Since BigFrames UDFs expect simple types as input and output, we are going to convert the list of chunks to a json string inside the UDF.

In [27]:
df_udf["full_text_chunk"] = df_udf["full_text_md"].apply(chunk_text_udf)

As we can see, the data type is now string.

In [None]:
first_row_text = df_udf["full_text_chunk"].iloc[0]
print(type(first_row_text))
first_row_text

To fix that, we can now use the BigFrames BQ `json_extract_string_array` method to convert the json string back to a list of string.

In [None]:
df_udf["full_text_chunk"] = bbq.json_extract_string_array(df_udf["full_text_chunk"])

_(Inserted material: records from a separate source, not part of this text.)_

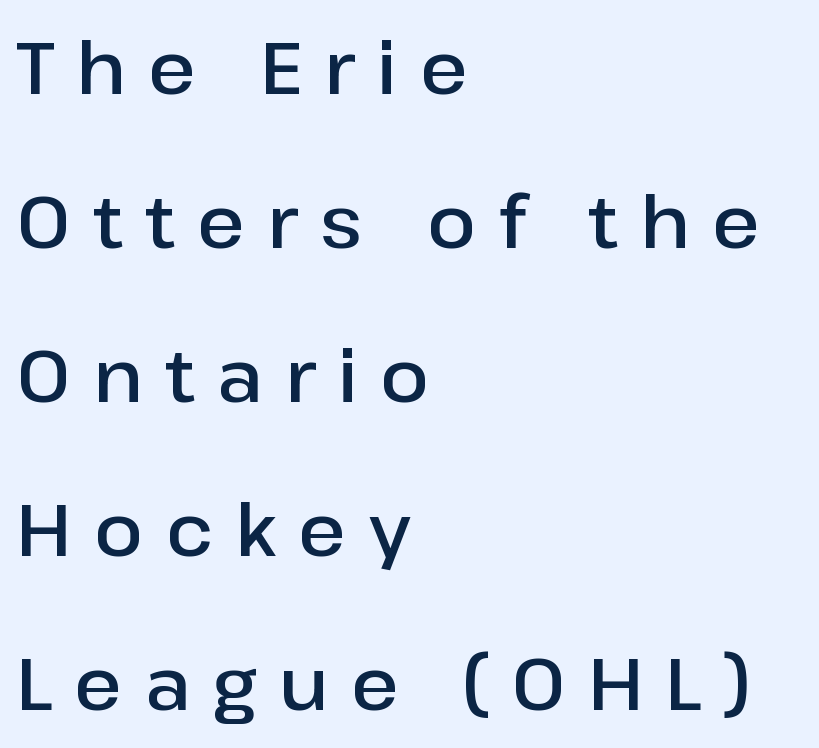
{"serif": "no", "italic": "no", "bold": "semi", "weight": "semibold", "width": "normal", "stroke_contrast": "low", "x_height": "medium", "monospaced": "no", "underline": "no", "align": "left", "line_spacing": "loose", "line_spacing_ratio": 2.14, "letter_spacing": "wide", "letter_spacing_em": 0.31, "glyph_px": 72}
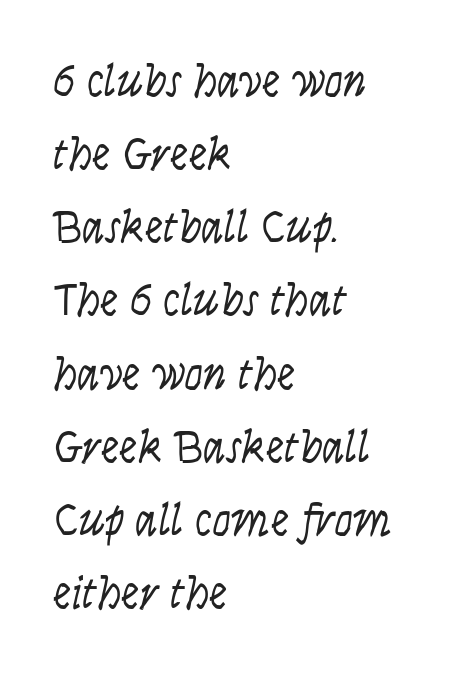
{"italic": "yes", "lean": "right", "slant_degrees": 9, "bold": "no", "weight": "light", "width": "condensed", "stroke_contrast": "low", "x_height": "large", "monospaced": "no", "underline": "no", "align": "left", "line_spacing": "normal", "line_spacing_ratio": 1.59, "letter_spacing": "normal", "letter_spacing_em": 0.0, "glyph_px": 46}
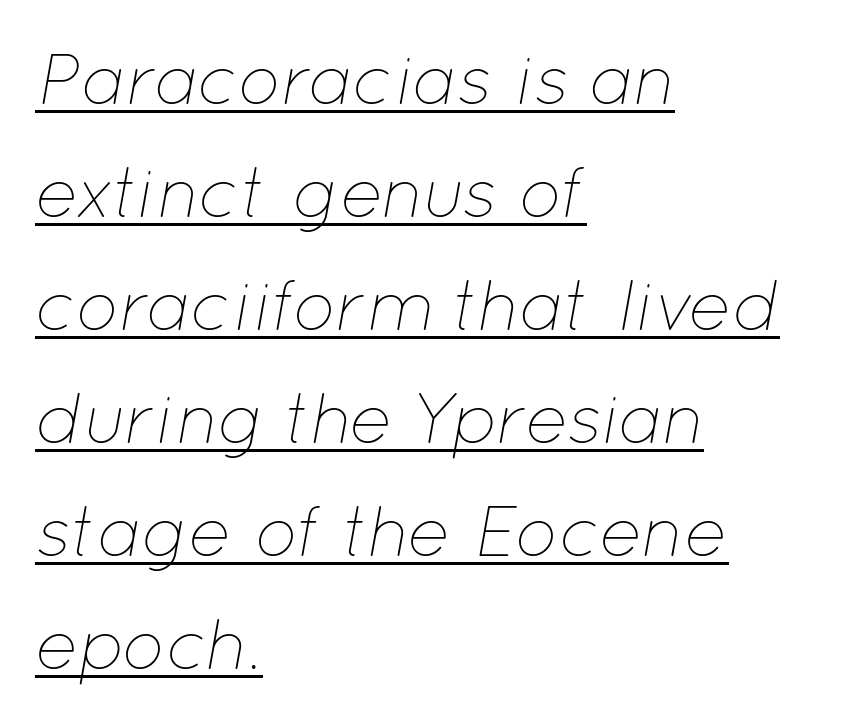
Q: Is the text bold? A: No.
Q: Is the text italic (slanted)? A: Yes, it leans right by about 12 degrees.
Q: Is the text underlined? A: Yes.
Q: How is the paragraph aligned? A: Left-aligned.
Q: Is the spacing between letters normal or unusually wide? A: Normal.
Q: Is the spacing between lines tight, normal or loose? A: Normal.
Q: Width (condensed, normal, or wide)? A: Normal.
Q: Stroke contrast? A: Low.
Q: x-height? A: Medium.
Q: Monospaced? A: No.
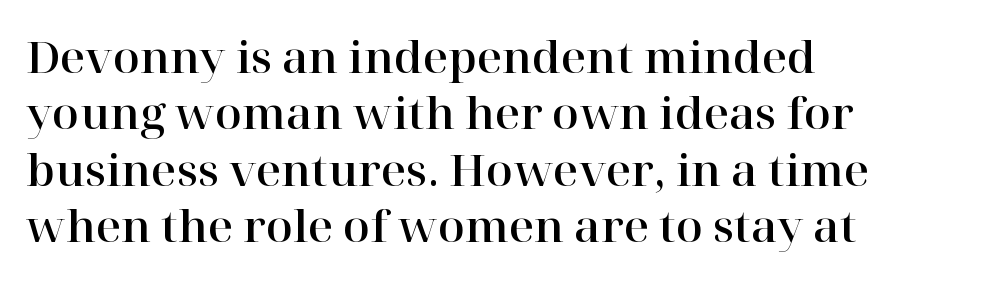
One-word summary of the alignment: left. Descenders are the only things crossing below the line. Reading down the column, the eye jumps a familiar distance to each next line. Glyph-to-glyph distance matches everyday printed text.
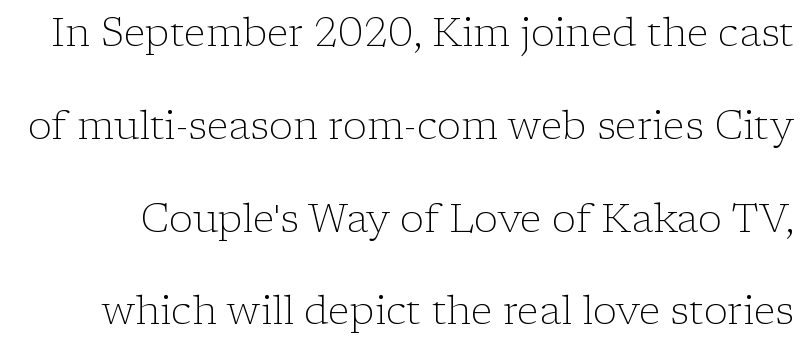
Q: Is the text bold? A: No.
Q: Is the text italic (slanted)? A: No, it is upright.
Q: Is the typeface a serif or a sans-serif typeface? A: Serif.
Q: Is the text underlined? A: No.
Q: Is the spacing between letters normal or unusually wide? A: Normal.
Q: Is the spacing between lines tight, normal or loose? A: Loose.
Q: Width (condensed, normal, or wide)? A: Normal.
Q: Stroke contrast? A: Low.
Q: x-height? A: Medium.
Q: Monospaced? A: No.
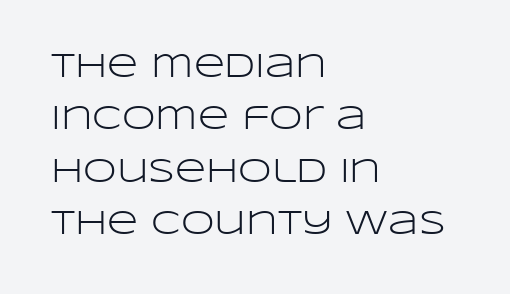
{"serif": "no", "italic": "no", "bold": "no", "weight": "light", "width": "wide", "stroke_contrast": "low", "x_height": "large", "monospaced": "no", "underline": "no", "align": "left", "line_spacing": "normal", "line_spacing_ratio": 1.54, "letter_spacing": "normal", "letter_spacing_em": 0.0, "glyph_px": 34}
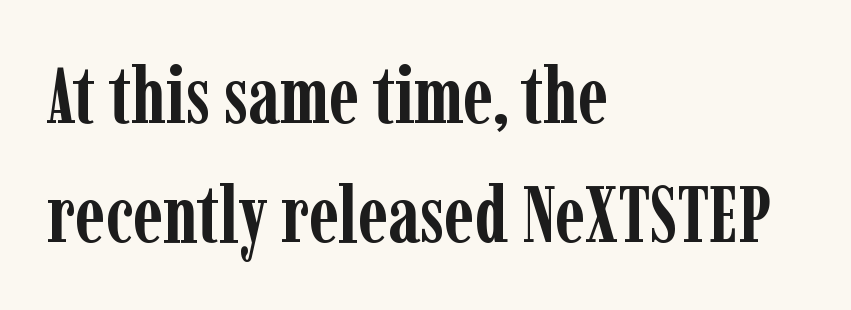
The image shows 79 px semibold, condensed serif type, upright; set left-aligned, normal line spacing (1.51x), normal letter spacing, not underlined; low stroke contrast and a medium x-height.
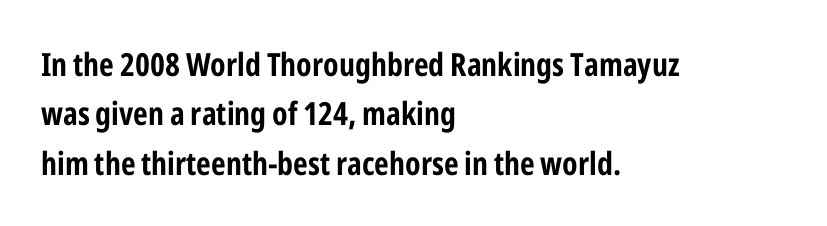
{"serif": "no", "italic": "no", "bold": "yes", "weight": "bold", "width": "condensed", "stroke_contrast": "low", "x_height": "medium", "monospaced": "no", "underline": "no", "align": "left", "line_spacing": "normal", "line_spacing_ratio": 1.54, "letter_spacing": "normal", "letter_spacing_em": 0.0, "glyph_px": 32}
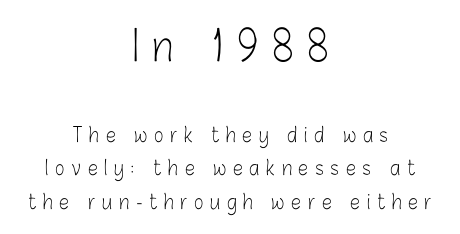
Large over small — that's the arrangement of the two blocks here. Examine the stroke ends and you'll find no serifs. A typesetter would call this leading conventional body-copy spacing. The passage shown is not bold in any degree. A typesetter would mark this as roman, not italic.
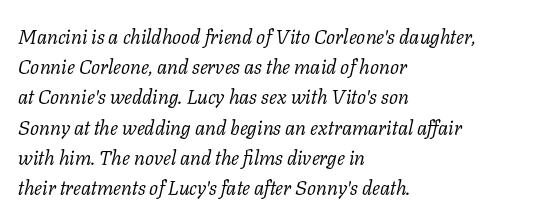
The image shows 20 px text type, italic (leaning right); set left-aligned, normal line spacing (1.51x), normal letter spacing, not underlined.
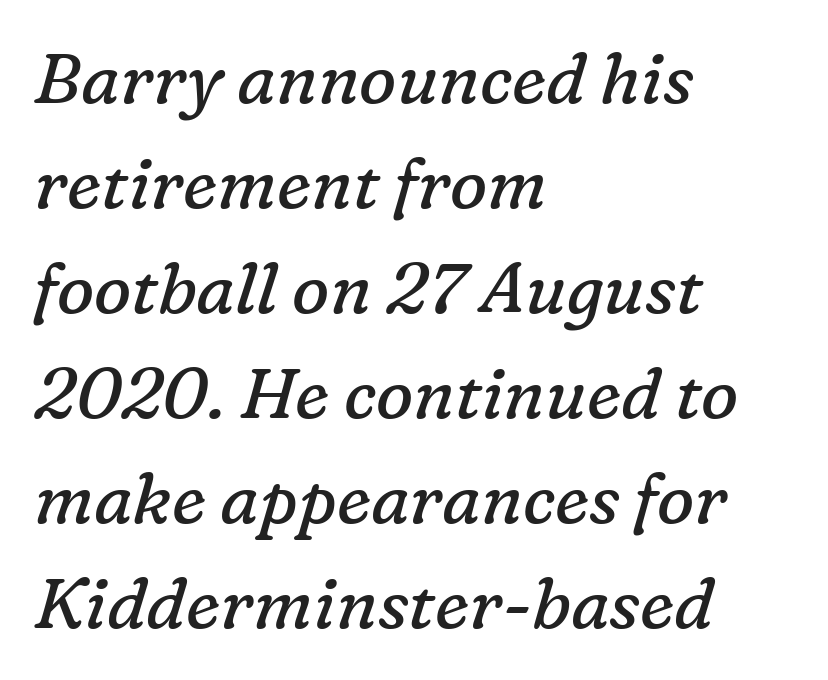
Q: Is the text bold? A: No.
Q: Is the text italic (slanted)? A: Yes, it leans right by about 16 degrees.
Q: Is the typeface a serif or a sans-serif typeface? A: Serif.
Q: Is the text underlined? A: No.
Q: How is the paragraph aligned? A: Left-aligned.
Q: Is the spacing between letters normal or unusually wide? A: Normal.
Q: Is the spacing between lines tight, normal or loose? A: Normal.
Q: Width (condensed, normal, or wide)? A: Normal.
Q: Stroke contrast? A: Low.
Q: x-height? A: Medium.
Q: Monospaced? A: No.
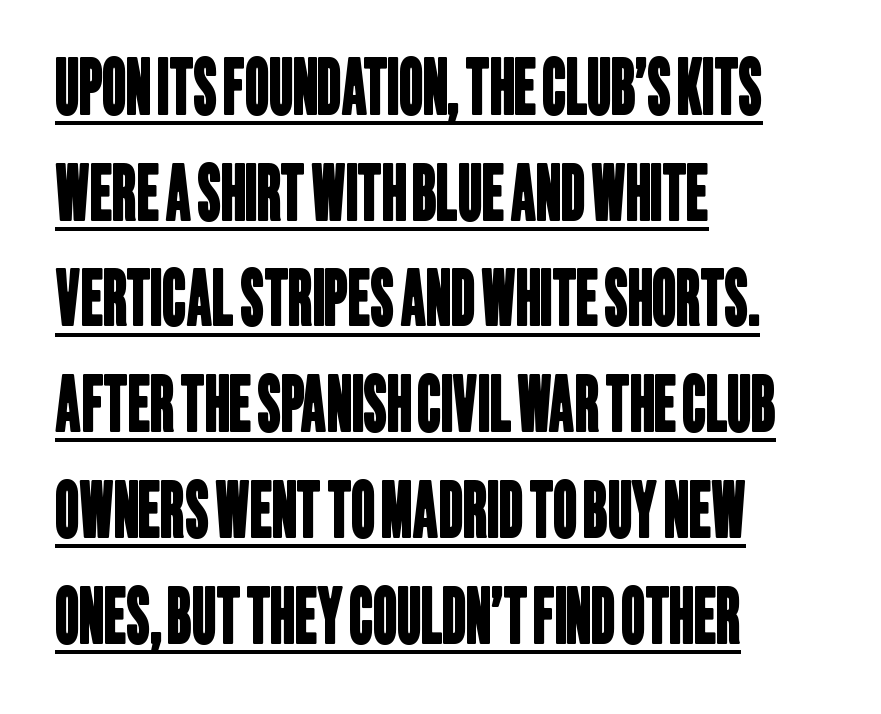
{"serif": "no", "width": "condensed", "stroke_contrast": "low", "x_height": "large", "monospaced": "no", "underline": "yes", "align": "left", "line_spacing": "normal", "line_spacing_ratio": 1.41, "letter_spacing": "normal", "letter_spacing_em": 0.0, "glyph_px": 75}

first_row_text = df_udf["full_text_chunk"].iloc[0]
print(type(first_row_text))
first_row_text

Here is how the DataFrame looks like after chunking.

In [None]:
df_udf.head(2)

# 8. Cleaning up

Run this cell to clean up the resources created in this notebook.

In [None]:
from google.cloud import bigquery_connection

# Remove BigQuery dataset and tables
dataset = f"{PROJECT_ID}.{DESTINATION_DATASET_ID}"
dataset_object = bigquery.Dataset(dataset)
bq_client.delete_dataset(dataset_object, delete_contents=True, not_found_ok=True)

# Remove BigTable remote function
!gcloud functions delete $chunk_text_udf.bigframes_cloud_function --region=$LOCATION --quiet

# Remove BigQuery external connection
connection_client = bigquery_connection.ConnectionServiceClient()
connection_path = connection_client.connection_path(
    project=PROJECT_ID, location="us", connection="bigframes-default-connection"
)
connection_client.delete_connection(name=connection_path)

# Conclusion

This notebook showcased the power of **BigFrames** for building production-ready RAG pipelines on Google Cloud. We leveraged BigFrames' seamless integration with BigQuery and Vertex AI to efficiently process and embed large text datasets.

Key takeaways highlighting BigFrames' capabilities include:

*   **Scalable Data Processing:**  BigFrames allowed us to manipulate BigQuery data using familiar pandas-like syntax, whether processing in memory or through scalable remote functions for terabyte-scale datasets.
*   **Simplified Embedding Generation:** BigFrames made it easy to generate embeddings with Vertex AI's embedding models directly within our data pipeline.
*   **Efficient Data Management:** We used BigFrames to manage our embeddings in BigQuery, implementing incremental updates and deduplication for optimal performance.